# Records shown

■ ■ ■

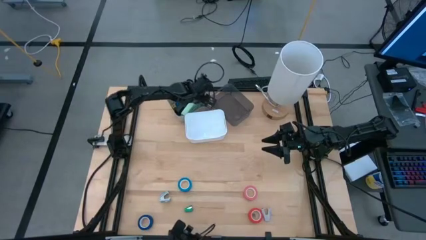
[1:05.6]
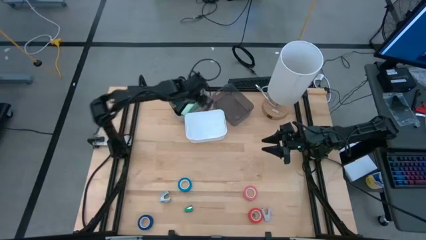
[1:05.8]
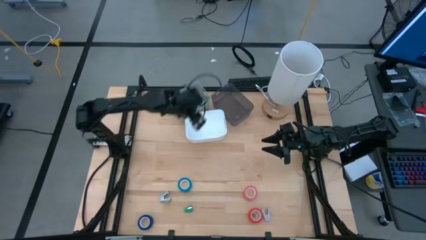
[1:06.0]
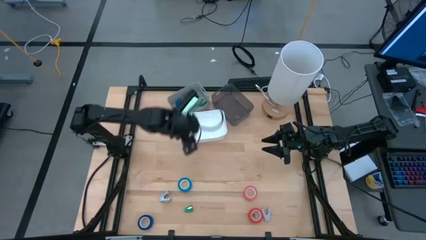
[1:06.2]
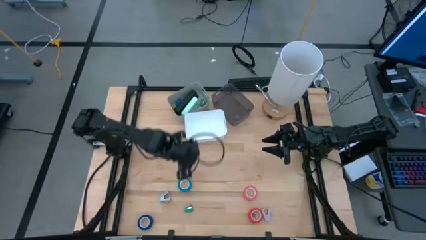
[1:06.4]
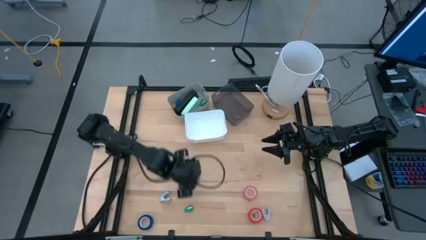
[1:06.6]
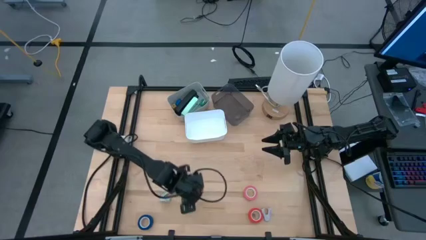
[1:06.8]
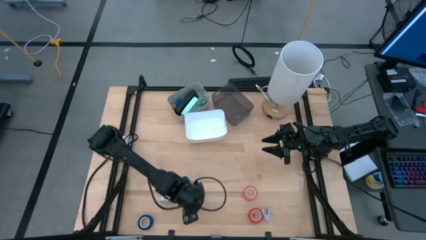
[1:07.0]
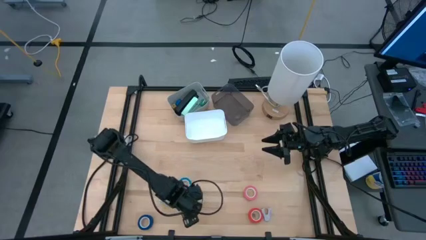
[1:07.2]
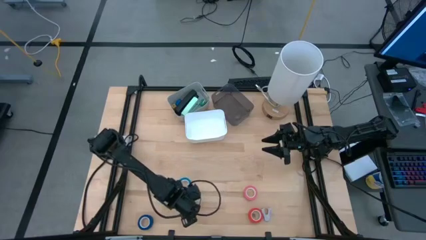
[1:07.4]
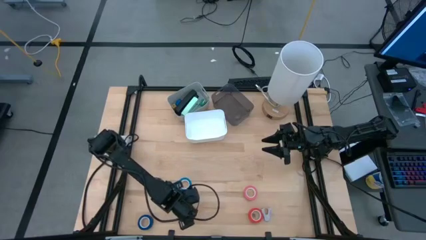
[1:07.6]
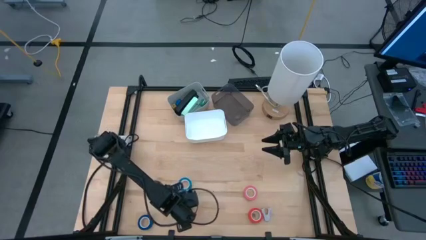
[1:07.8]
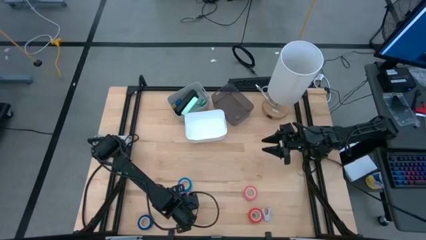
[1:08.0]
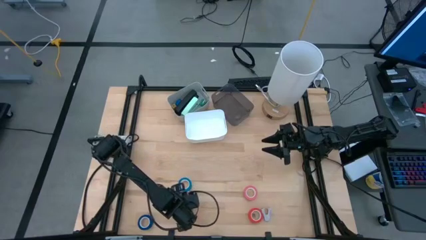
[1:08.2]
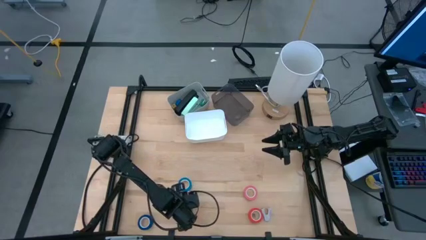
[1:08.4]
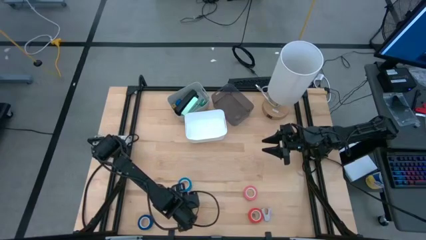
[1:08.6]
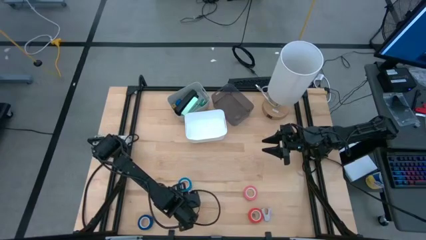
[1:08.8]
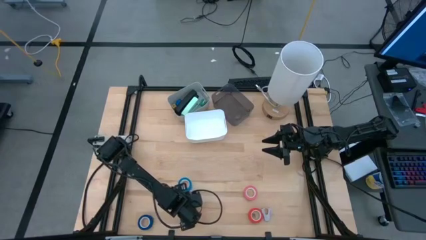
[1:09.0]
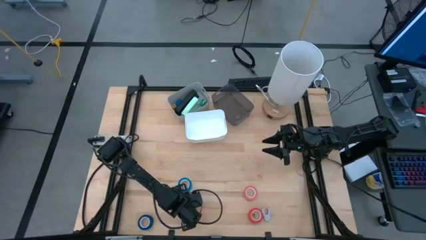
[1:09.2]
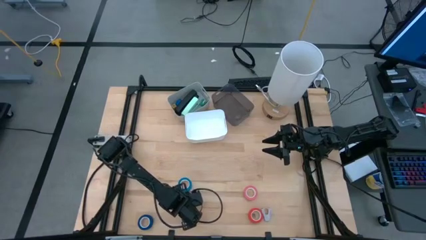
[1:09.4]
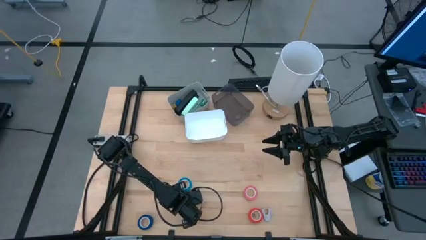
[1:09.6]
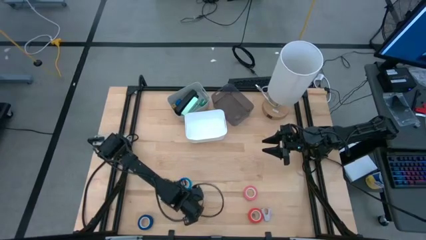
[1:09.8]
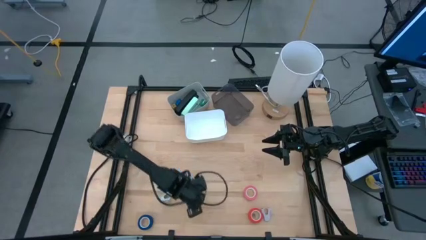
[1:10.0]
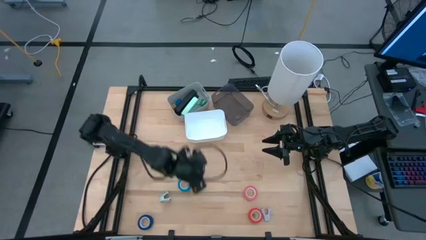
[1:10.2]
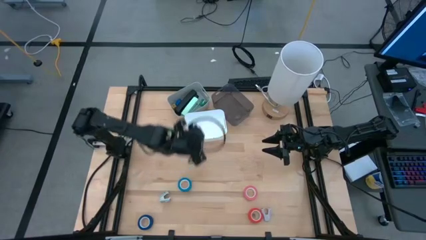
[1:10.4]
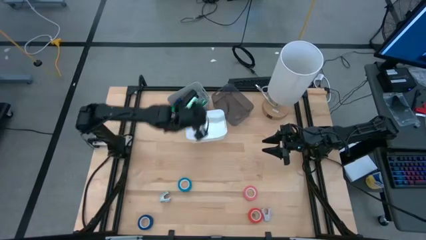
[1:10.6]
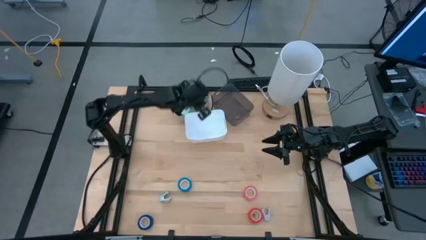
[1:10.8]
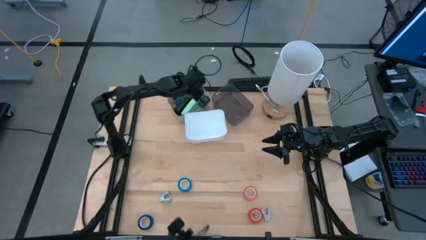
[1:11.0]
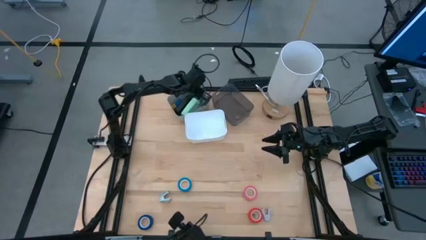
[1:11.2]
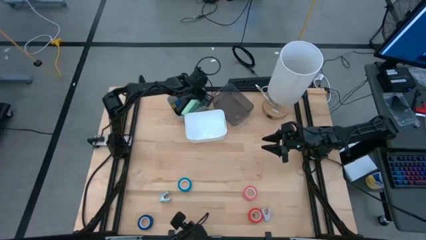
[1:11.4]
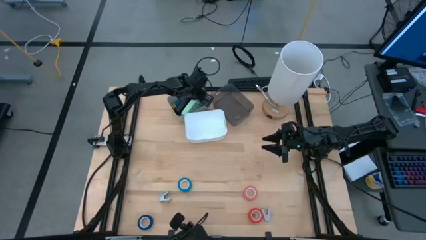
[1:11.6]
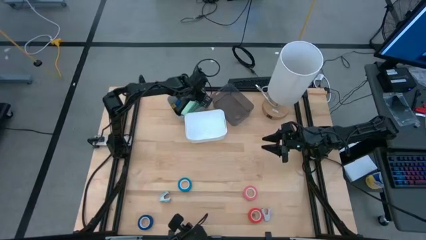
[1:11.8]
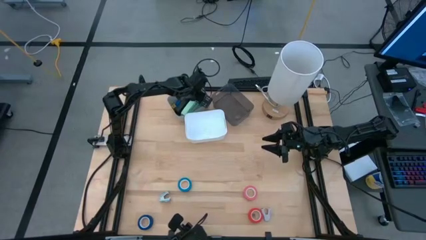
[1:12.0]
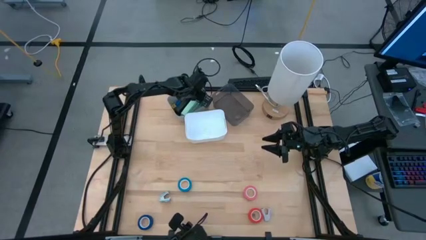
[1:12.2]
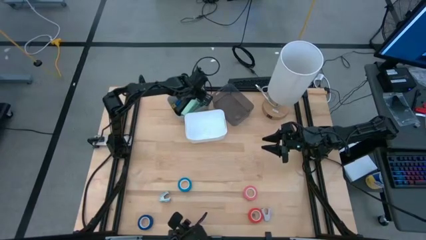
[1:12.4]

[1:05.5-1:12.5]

■ ■ ■

All the lines above are to be reproduced exactly, except the pictures.

# Answer space
[1:05.6]
[1:05.8]
[1:06.0]
[1:06.2]
[1:06.4]
[1:06.6]
[1:06.8]
[1:07.0]
[1:07.2]
[1:07.4]
[1:07.6]
[1:07.8]
[1:08.0]
[1:08.2]
[1:08.4]
[1:08.6]
[1:08.8]
[1:09.0]
[1:09.2]
[1:09.4]
[1:09.6]
[1:09.8]
[1:10.0]
[1:10.2]
[1:10.4]
[1:10.6]
[1:10.8]
[1:11.0]
[1:11.2]
[1:11.4]
[1:11.6]
[1:11.8]
[1:12.0]
[1:12.2]
[1:12.4]

[1:05.5-1:12.5]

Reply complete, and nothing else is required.